# Telephone poles & wires



## tw001_tw (Jul 24, 2008)

Hello everyone. I'm working on my layout and have come to a problem. Hopefully
one of you have a solution.

I am running 2 wires over some telephone poles - the small plastic Atlas telephone
poles. The wires will be carrying some ac to a few of the buildings for lights. I am
having a heck of a time getting the wires 'afixed' to the poles. I reluctantly tired
super glue, but it won't stay. I am trying to avoid hot glue to reduce the 'shinnyness'
that hot glue can have. I am trying to avoid having a glob of elmers/wood glue on
each one. I considered just using tension to keep them in place, but due to the path
of the poles curving, thats not going to work out - I tried that one.

pics can be provided if needed. And an update to my progress thread will be coming soon.

Suggestions for these wires & poles please?


----------



## tkruger (Jan 18, 2009)

To avoid the 'shinnyness' of the hot glue could you paint a flat clear acrylic paint over the glue? Or a model paint that matches the color of the pole. I have not tried these ideas but they seem like they might work.


----------



## tw001_tw (Jul 24, 2008)

tkruger said:


> To avoid the 'shinnyness' of the hot glue could you paint a flat clear acrylic paint over the glue? Or a model paint that matches the color of the pole. I have not tried these ideas but they seem like they might work.

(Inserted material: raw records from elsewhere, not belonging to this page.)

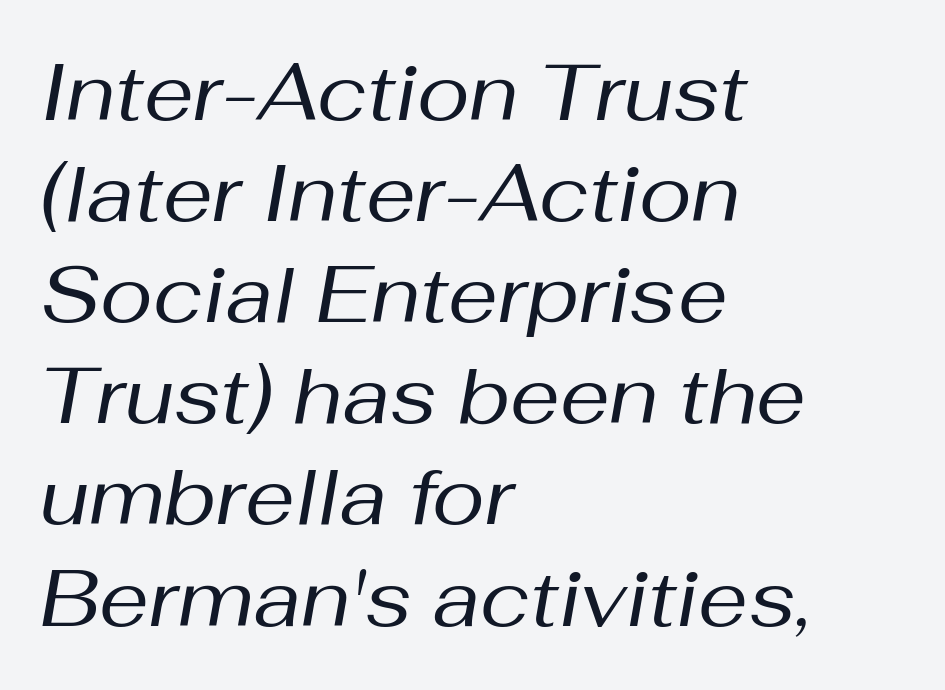
This is oblique type, the kind used for emphasis or titles. Whoever set this chose a conventional vertical rhythm. The weight tops out at a normal text grade. Only glyphs here, with clear space below each row. The letterforms sit shoulder to shoulder at normal distance. Do the characters align in a grid? No, the font is proportional.
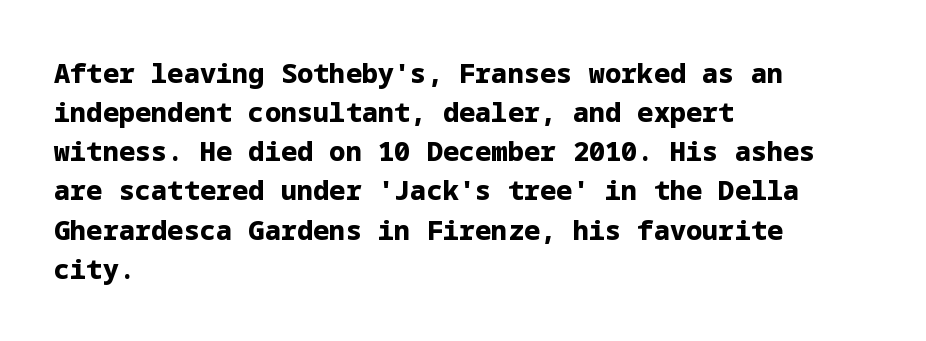
The image shows 27 px bold type, upright; set left-aligned, normal line spacing (1.45x), normal letter spacing, not underlined.
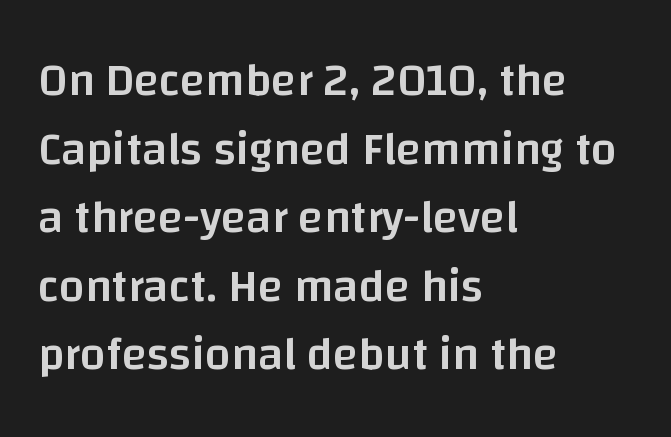
Reading down the block, your eye returns to a fixed left position each line. Just letters on the line, the space beneath them empty. You could not count columns in this text — the font is proportionally spaced. What weight is shown? A semibold, between regular and bold.
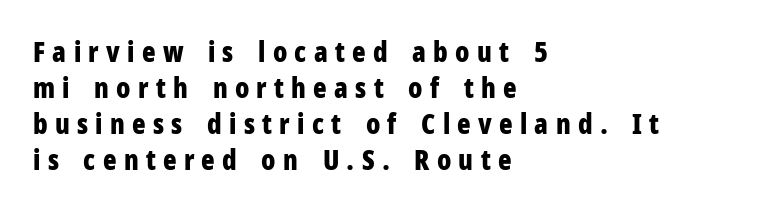
The image shows 28 px bold, condensed sans-serif type, upright; set left-aligned, normal line spacing (1.28x), unusually wide letter spacing (+0.26 em), not underlined; low stroke contrast and a medium x-height.
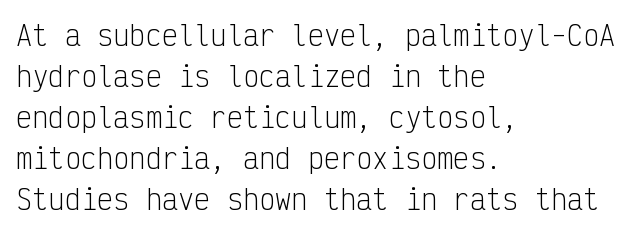
On a weight scale, this lands at 450 or below. The passage shown has conventional tracking throughout. A normal amount of white space separates one row of letters from the next. The rag falls on the right side of this text block.
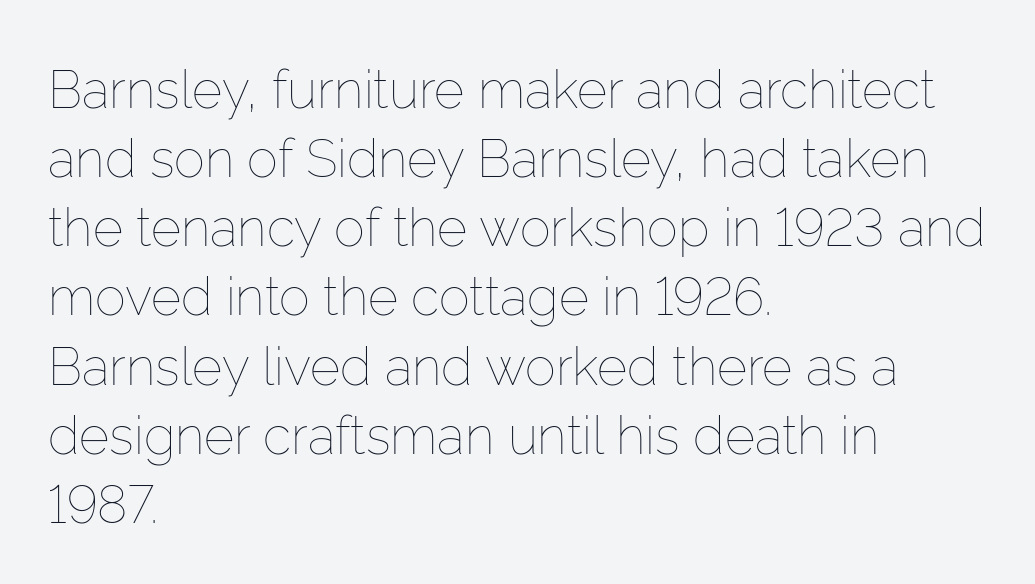
{"italic": "no", "bold": "no", "weight": "thin", "width": "normal", "stroke_contrast": "low", "x_height": "medium", "monospaced": "no", "underline": "no", "align": "left", "line_spacing": "normal", "line_spacing_ratio": 1.33, "letter_spacing": "normal", "letter_spacing_em": 0.0, "glyph_px": 52}
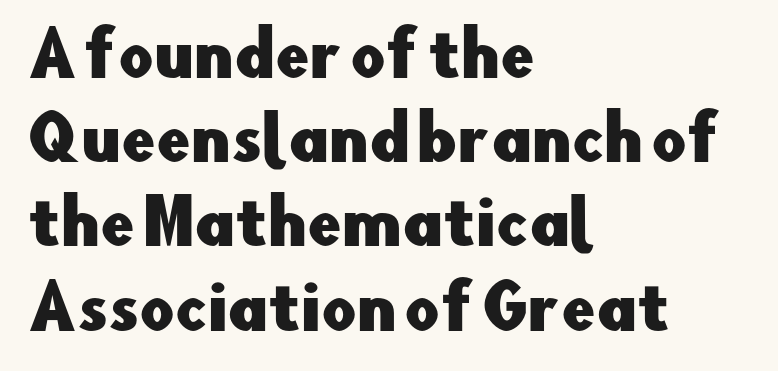
{"serif": "no", "italic": "no", "width": "normal", "stroke_contrast": "low", "x_height": "small", "monospaced": "no", "underline": "no", "align": "left", "line_spacing": "normal", "line_spacing_ratio": 1.38, "letter_spacing": "normal", "letter_spacing_em": 0.0, "glyph_px": 61}
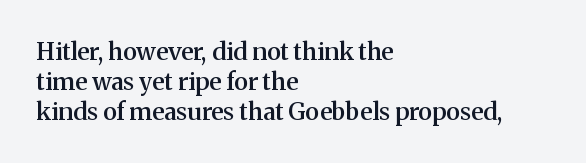
The letters stand upright; this is a roman face. Underline: absent. The sample has been set in demibold, a notch under bold. Here the glyphs are tracked normally, forming tight word shapes.
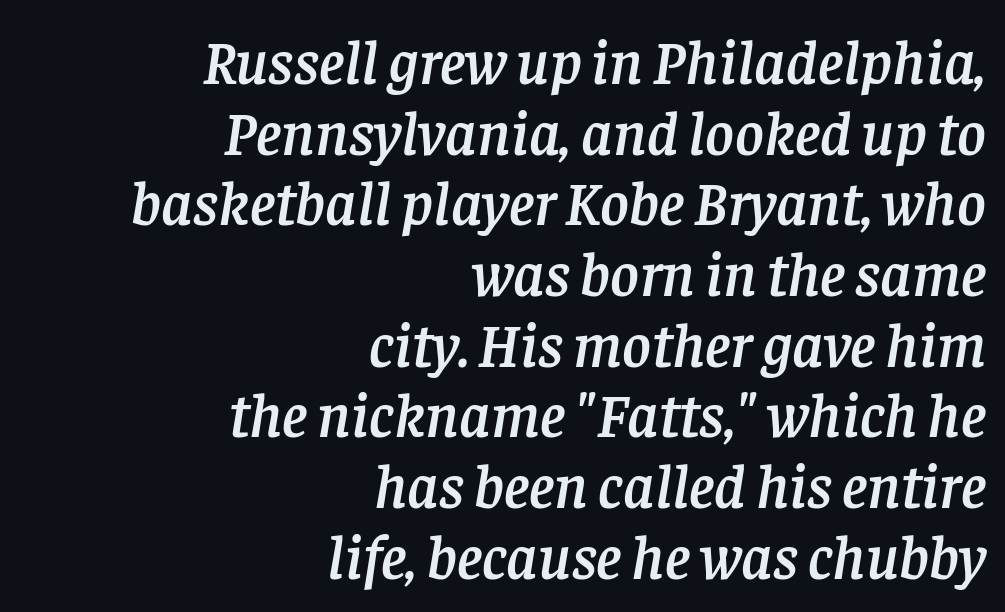
Q: Is the text italic (slanted)? A: Yes, it leans right by about 8 degrees.
Q: Is the typeface a serif or a sans-serif typeface? A: Serif.
Q: Is the text underlined? A: No.
Q: How is the paragraph aligned? A: Right-aligned.
Q: Is the spacing between letters normal or unusually wide? A: Normal.
Q: Is the spacing between lines tight, normal or loose? A: Tight.
Q: Width (condensed, normal, or wide)? A: Normal.
Q: Stroke contrast? A: Low.
Q: x-height? A: Large.
Q: Monospaced? A: No.
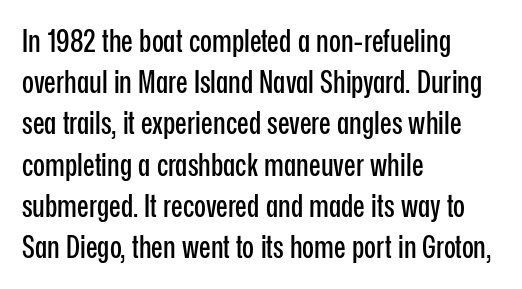
The letters sit at their default tracking, neither squeezed nor spread. Leading matches the norm, producing a regular column. A roman cut, with each character standing at attention. These lines are rendered in a variable-pitch font. Casual observation: everything's shoved over to the left. Plain, unruled lines of type.
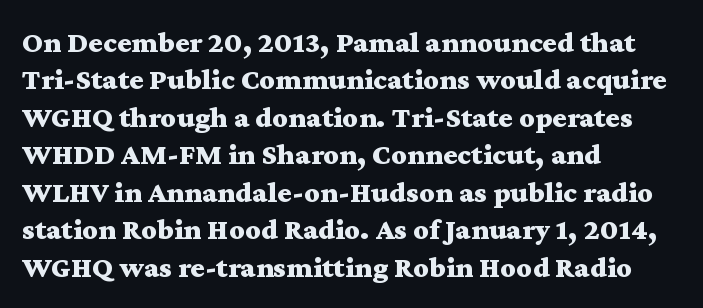
The image shows 30 px bold, wide serif type, upright; set left-aligned, normal line spacing (1.25x), normal letter spacing, not underlined; medium stroke contrast and a medium x-height.
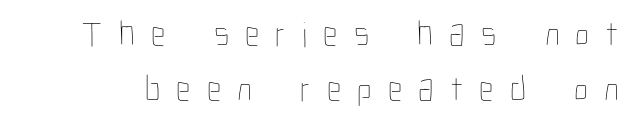
Evenly set lines give the paragraph a standard silhouette. Spacing verdict: proportional, widths tailored to each character. Characters remain perfectly vertical along every line. How are the letters spaced? Widely, with obvious added tracking. Descenders are the only things crossing below the line.
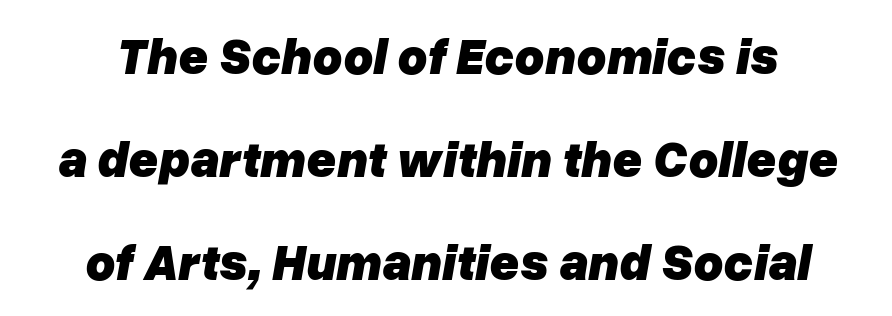
Q: Is the text bold? A: Yes.
Q: Is the text italic (slanted)? A: Yes, it leans right by about 10 degrees.
Q: Is the text underlined? A: No.
Q: Is the spacing between letters normal or unusually wide? A: Normal.
Q: Is the spacing between lines tight, normal or loose? A: Loose.
Q: Width (condensed, normal, or wide)? A: Normal.
Q: Stroke contrast? A: Low.
Q: x-height? A: Medium.
Q: Monospaced? A: No.
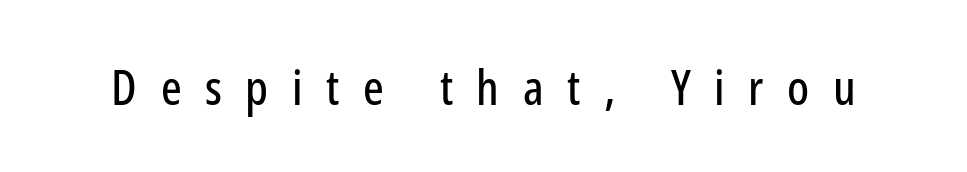
The specimen reads as upright at a glance. The rendering uses natural spacing where letterforms have individual widths. The tracking jumps out immediately: characters are airy and widely separated. No word sits above an underline. In terms of letterform style, serifs are entirely absent.
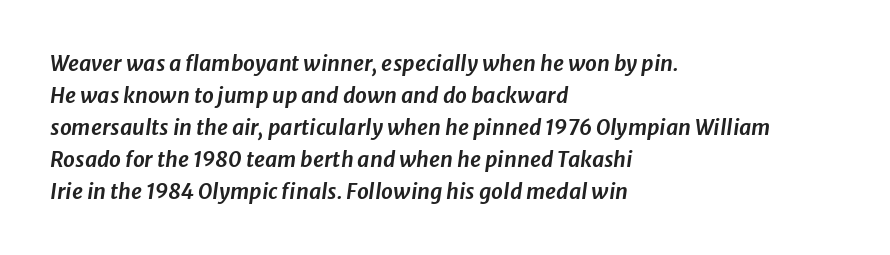
Q: Is the text italic (slanted)? A: Yes, it leans right by about 8 degrees.
Q: Is the text underlined? A: No.
Q: How is the paragraph aligned? A: Left-aligned.
Q: Is the spacing between letters normal or unusually wide? A: Normal.
Q: Is the spacing between lines tight, normal or loose? A: Normal.
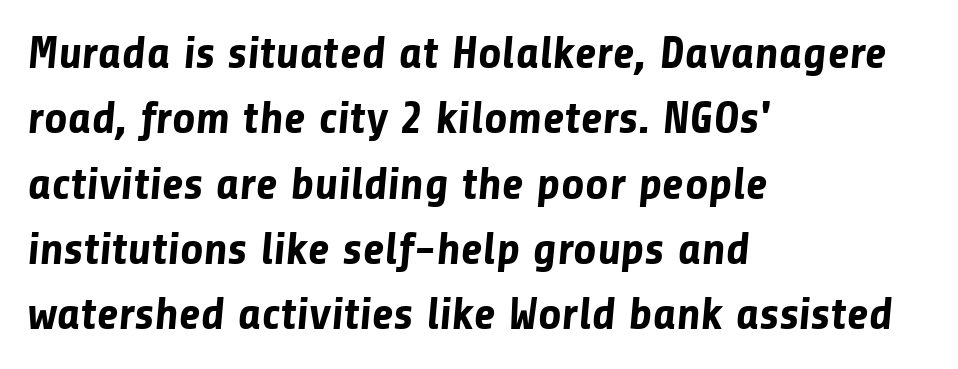
The image shows 46 px bold sans-serif type; set left-aligned, normal line spacing (1.42x), normal letter spacing, not underlined; low stroke contrast and a medium x-height.
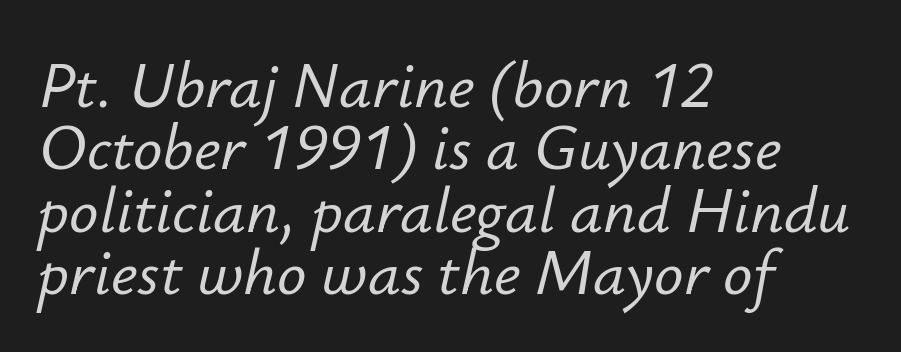
The image shows 65 px text type, italic (leaning right); set left-aligned, tight line spacing (0.96x), normal letter spacing, not underlined; low stroke contrast and a small x-height.
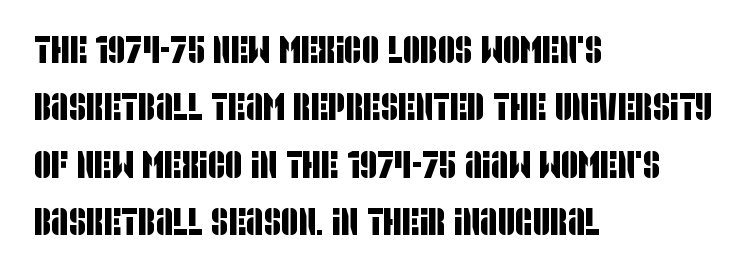
{"serif": "no", "width": "condensed", "stroke_contrast": "low", "x_height": "large", "monospaced": "no", "underline": "no", "align": "left", "line_spacing": "normal", "line_spacing_ratio": 1.51, "letter_spacing": "normal", "letter_spacing_em": 0.0, "glyph_px": 38}
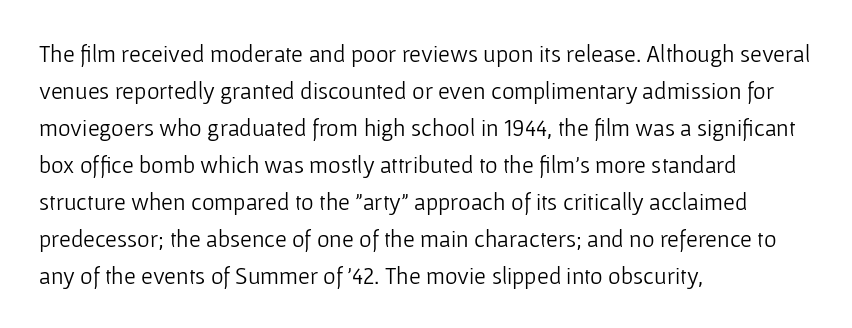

After some thought and weighing my options, I think you have the best idea so far.
Its certainly better then what I have come up with. I'll run a trial or 2 and see how it
goes. thanks!


----------



## tw001_tw (Jul 24, 2008)

I went with the hot glue. I tried to use as small amount as I could for each pole & I will pick up some kind of brown or black flat paint to make the hot glue a little more hidden. Although so far, I'm happy with the results.
I know since I am using electric wires, its far from 'prototypical', but still I'm trying to make it look at least half way decent 

thanks for the tip
-tw


----------